26 March 2009

Will it scale?

Posters are big. That's why they’re posters, not pages.

This means that posters generally are not WYSIWYG. No matter how you set your computer monitor, you can’t really see how your poster going to look full size on the paper until it’s printed. (An exception might be if you’re making your poster by tiling together a series of smaller, individual pages.) This is an issue that PowerPoint presenters never have to deal with – they can see on their screen if the graphics are coming up short.

If you have any graphics in your poster at all, this can be a problem. Graphics that look fine on the computer screen can look really bad when printed full size, if you’re not careful. This can be avoided if you understand the two basic kinds of graphics out there.
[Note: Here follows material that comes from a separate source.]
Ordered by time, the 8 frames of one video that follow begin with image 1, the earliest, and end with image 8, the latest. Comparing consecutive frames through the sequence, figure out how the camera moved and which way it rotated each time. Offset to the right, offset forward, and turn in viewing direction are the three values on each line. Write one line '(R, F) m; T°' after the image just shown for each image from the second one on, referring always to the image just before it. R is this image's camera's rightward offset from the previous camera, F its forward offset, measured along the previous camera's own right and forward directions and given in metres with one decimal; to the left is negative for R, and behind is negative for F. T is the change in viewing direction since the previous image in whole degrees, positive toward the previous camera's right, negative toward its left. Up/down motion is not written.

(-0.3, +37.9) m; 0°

Vector graphics (top) describe shapes mathematically. Because the underlying equation for a square or circle or line never changes, as you increase the size, the image is displayed at the best resolution the printer or screen is capable of. Probably the best known vector format is *.wmf or *.emf.

Bitmap graphics (below) create images from many small, square pixels. This means that as you zoom in or enlarge, eventually you will hit the point where you start to see jagged edges. This is why high pixel numbers are one of the desirable features that people look for when buying a digital camera. There are many different bitmap file formats, but the best know are *.jpg, *.gif, *.png, and *.tif.
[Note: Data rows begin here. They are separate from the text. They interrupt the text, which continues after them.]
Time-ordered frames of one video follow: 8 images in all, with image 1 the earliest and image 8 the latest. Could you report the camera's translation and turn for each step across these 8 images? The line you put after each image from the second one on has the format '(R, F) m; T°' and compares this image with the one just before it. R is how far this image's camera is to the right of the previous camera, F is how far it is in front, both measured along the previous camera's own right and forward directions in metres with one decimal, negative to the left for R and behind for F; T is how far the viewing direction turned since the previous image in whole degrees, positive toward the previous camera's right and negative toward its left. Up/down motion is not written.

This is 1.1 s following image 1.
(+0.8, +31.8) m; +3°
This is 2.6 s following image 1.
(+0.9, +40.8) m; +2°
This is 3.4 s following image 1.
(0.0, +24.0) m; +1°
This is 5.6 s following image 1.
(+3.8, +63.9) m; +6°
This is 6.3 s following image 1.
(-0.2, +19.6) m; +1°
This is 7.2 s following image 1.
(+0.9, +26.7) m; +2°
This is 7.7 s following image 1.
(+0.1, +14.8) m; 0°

Currently, pixel based graphics rule the roost, thanks to the web and digital cameras. Search Google Images for anything, and you will find images made from pixels. Although there is a recommended format for vector graphics on the web, it’s very hard to find any examples on the web.
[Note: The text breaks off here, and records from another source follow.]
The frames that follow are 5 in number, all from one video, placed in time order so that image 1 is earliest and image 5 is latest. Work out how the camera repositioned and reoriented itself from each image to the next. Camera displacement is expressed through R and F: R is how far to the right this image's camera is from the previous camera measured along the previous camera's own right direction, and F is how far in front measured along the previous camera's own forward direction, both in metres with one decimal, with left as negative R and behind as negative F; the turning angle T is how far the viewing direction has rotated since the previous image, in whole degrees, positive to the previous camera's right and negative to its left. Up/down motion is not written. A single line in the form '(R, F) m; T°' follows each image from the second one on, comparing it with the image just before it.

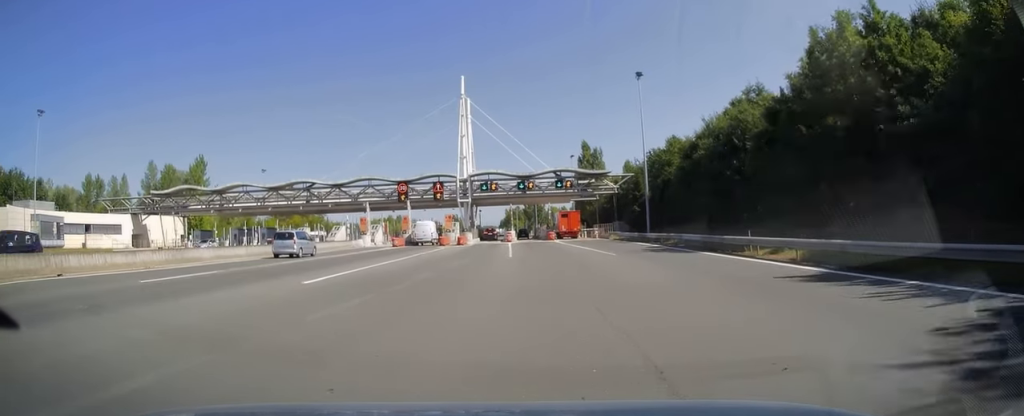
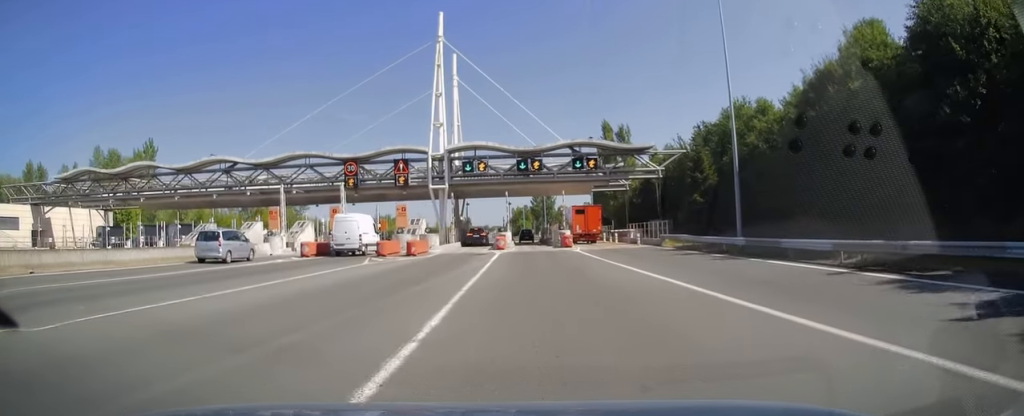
(-0.1, +26.9) m; -1°
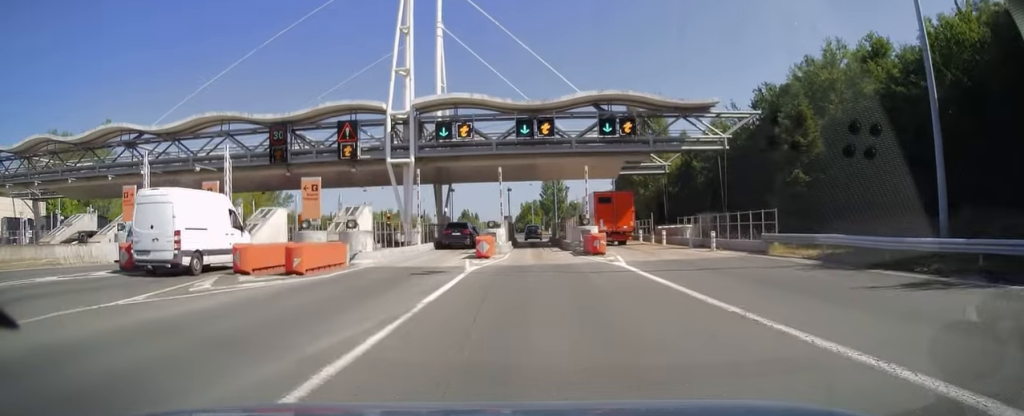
(-0.3, +19.0) m; -1°
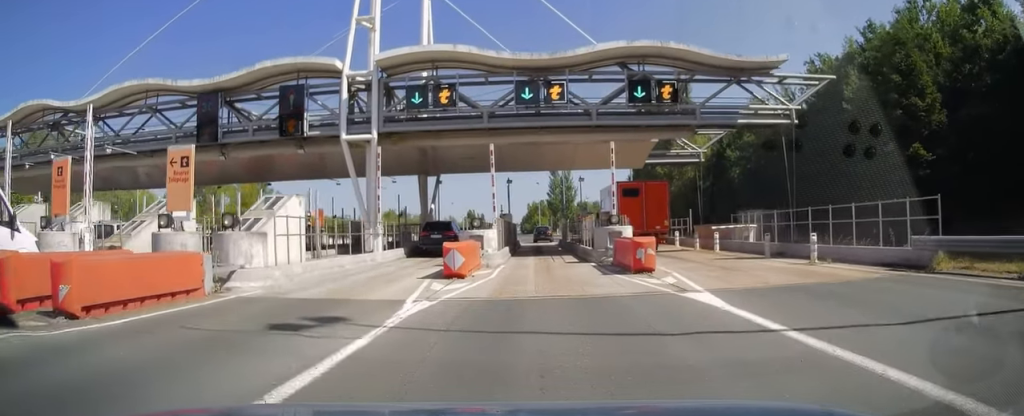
(0.0, +10.5) m; 0°
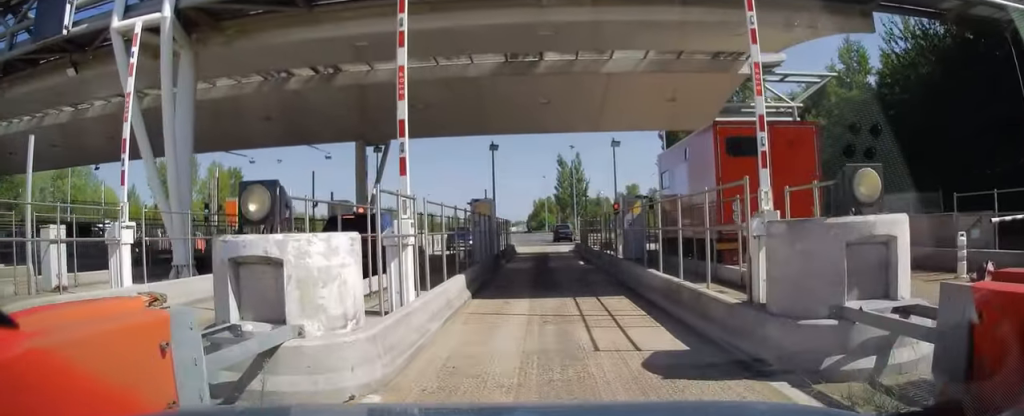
(-0.2, +18.1) m; -2°

Many people make the mistake of taking a low-resolution bitmap image from a website – commonly a university or company logo – then put it on a poster and print it at several hundred times the size it was intended for display it. The results are invariably horrible, jagged images.

If you’re likely to be doing poster presentations routinely, you should invest in a graphics package that can create and edit vector-based images. Unfortunately, these tend to be the more high-end, specialty programs like Adobe Illustrator and CorelDRAW!. But the results are worth it.